September 4, 2009
100 Years Ago in the Forward
A letter we received from our correspondent in Galicia, Poland, details some unusual activity involving local Jews. First, he reports on an honest-to-goodness duel between two Jewish boys over a beautiful girl. Duels, which have long been popular methods of solving disputes, have never been particularly popular with Jews, but apparently it’s never too late to begin. The whole thing stemmed from a beauty pageant that some local Zionists organized: Two boys who wanted to support their respective girlfriends got into it over who’s girl was more beautiful, and they decided to have a duel. They got to the point where they needed to decide whether to use revolvers, knives or swords, and, seeing the weapons at hand, both boys decided to back down.
75 Years Ago In the Forward
The High Holy Days are approaching, and that can mean only one thing: Jewish communists in the Soviet Union are gearing up for their yearly war with God. There are many reports in the communist Yiddish papers about how religious the Jews in the shtetls still are — even the laborers. Out of Kharkov come the comments of the Yiddish paper The Shtern, which reports, “Like toads that sense the nearness of a swamp and sound off with their croaking, so do those who speculate on the power of tradition, the religious leftovers of those segments of downtrodden workers.”
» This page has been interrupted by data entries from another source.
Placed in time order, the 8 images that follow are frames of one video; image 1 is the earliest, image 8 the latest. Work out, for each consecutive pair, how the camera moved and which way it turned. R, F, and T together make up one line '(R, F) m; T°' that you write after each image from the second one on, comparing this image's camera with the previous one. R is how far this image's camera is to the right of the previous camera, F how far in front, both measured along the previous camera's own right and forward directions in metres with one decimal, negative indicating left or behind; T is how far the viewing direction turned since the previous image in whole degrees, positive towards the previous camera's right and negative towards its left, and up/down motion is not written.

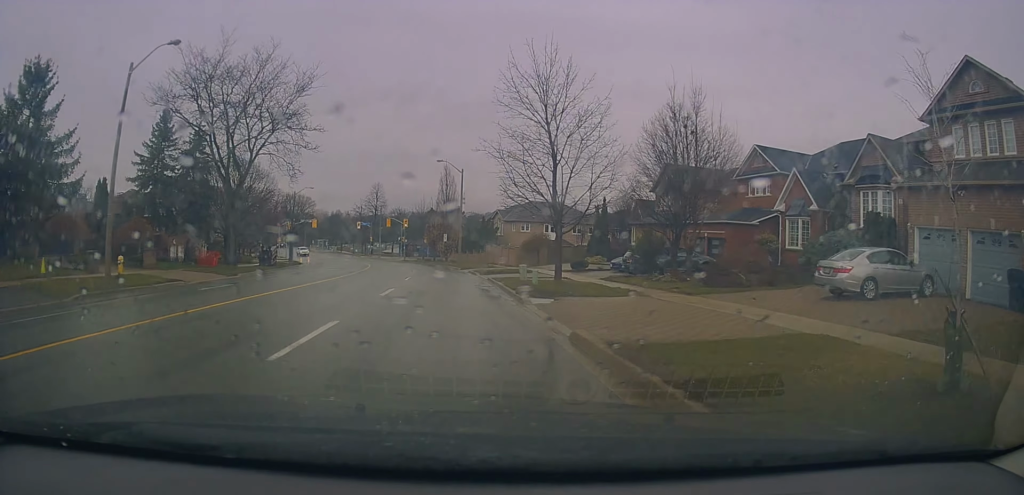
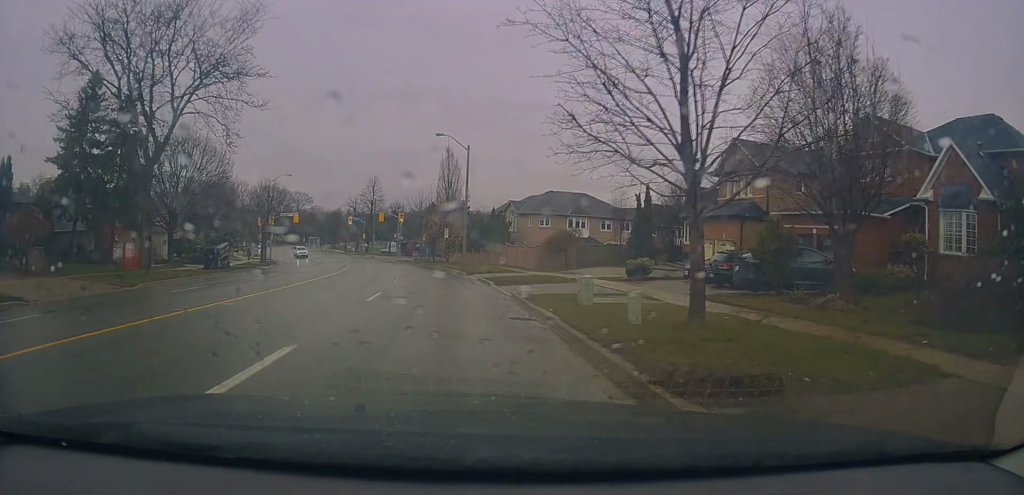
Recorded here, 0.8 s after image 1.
(0.0, +10.7) m; -1°
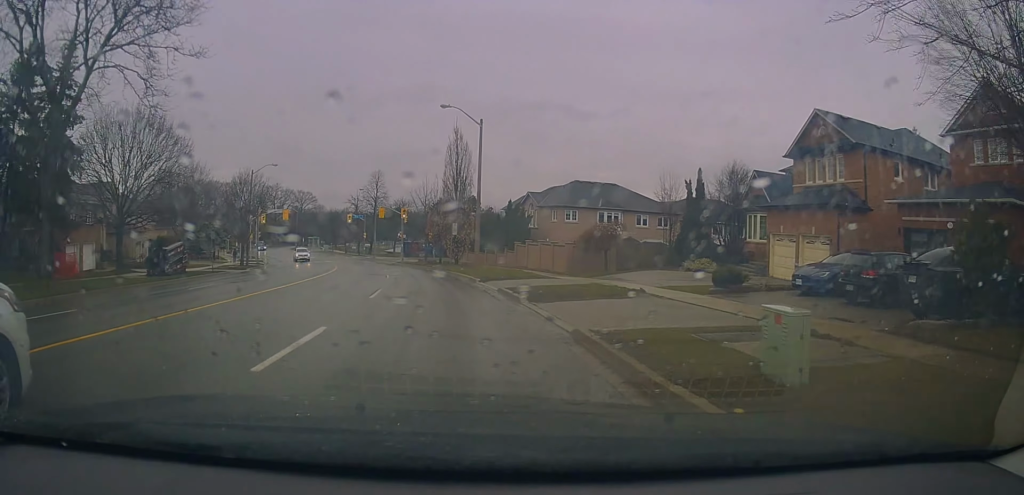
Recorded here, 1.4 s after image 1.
(0.0, +8.1) m; -1°
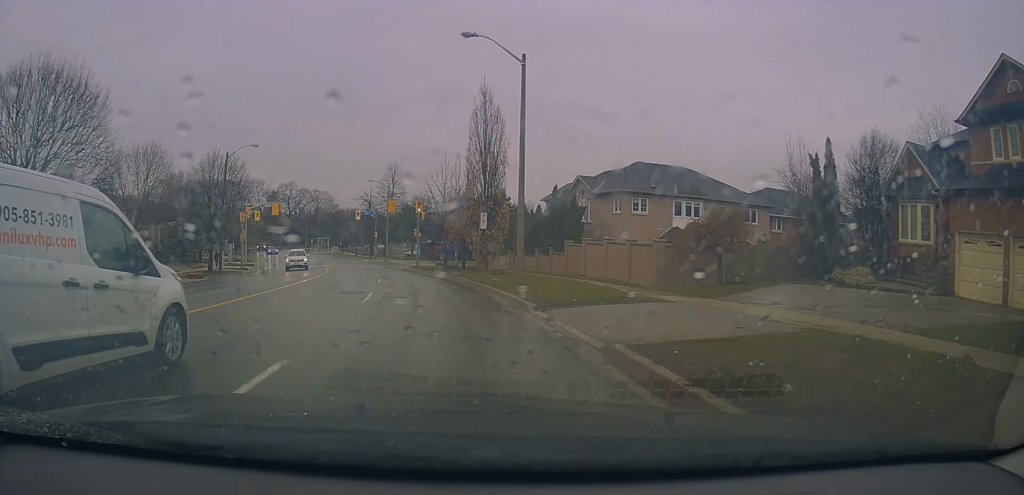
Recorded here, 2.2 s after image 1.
(-0.1, +11.2) m; -2°
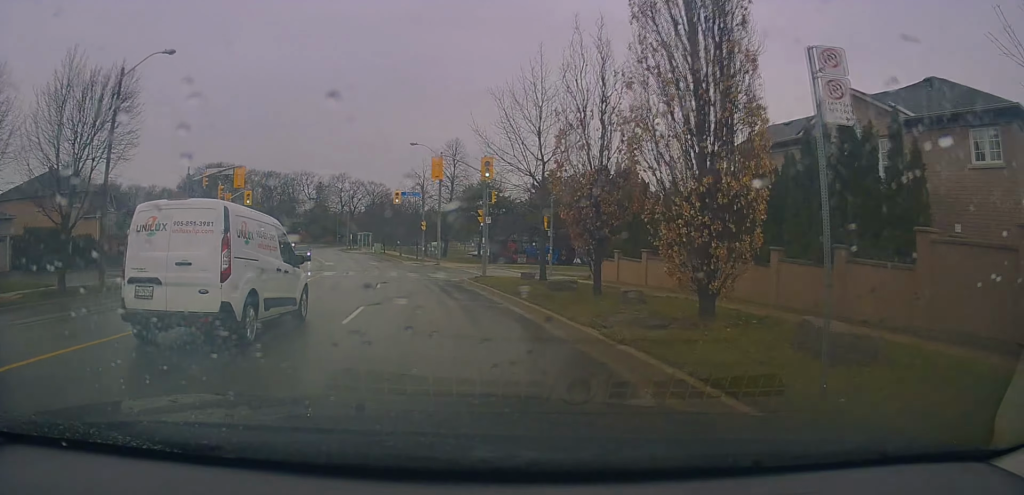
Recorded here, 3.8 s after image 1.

50 Years Ago In the Forward
Although Soviet officials reiterate the fact that religious freedom exists in the Soviet Union, Jewish religious life, according to recent reports, is dead in the USSR. There are virtually no brises, no bar mitzvahs and no religious wedding ceremonies, and only occasionally are words of a religious nature said at Jewish funerals. While the government claims that the number of synagogues in the USSR has doubled since the end of World War II, real statistics indicate that their number has been greatly reduced. Those synagogues that are open suffer from a lack of prayer books, prayer shawls and other religious items. The real problem, however, is that the Soviet Union refuses to allow Jews to have any sort of official organization, leaving individual Jews to fend for themselves.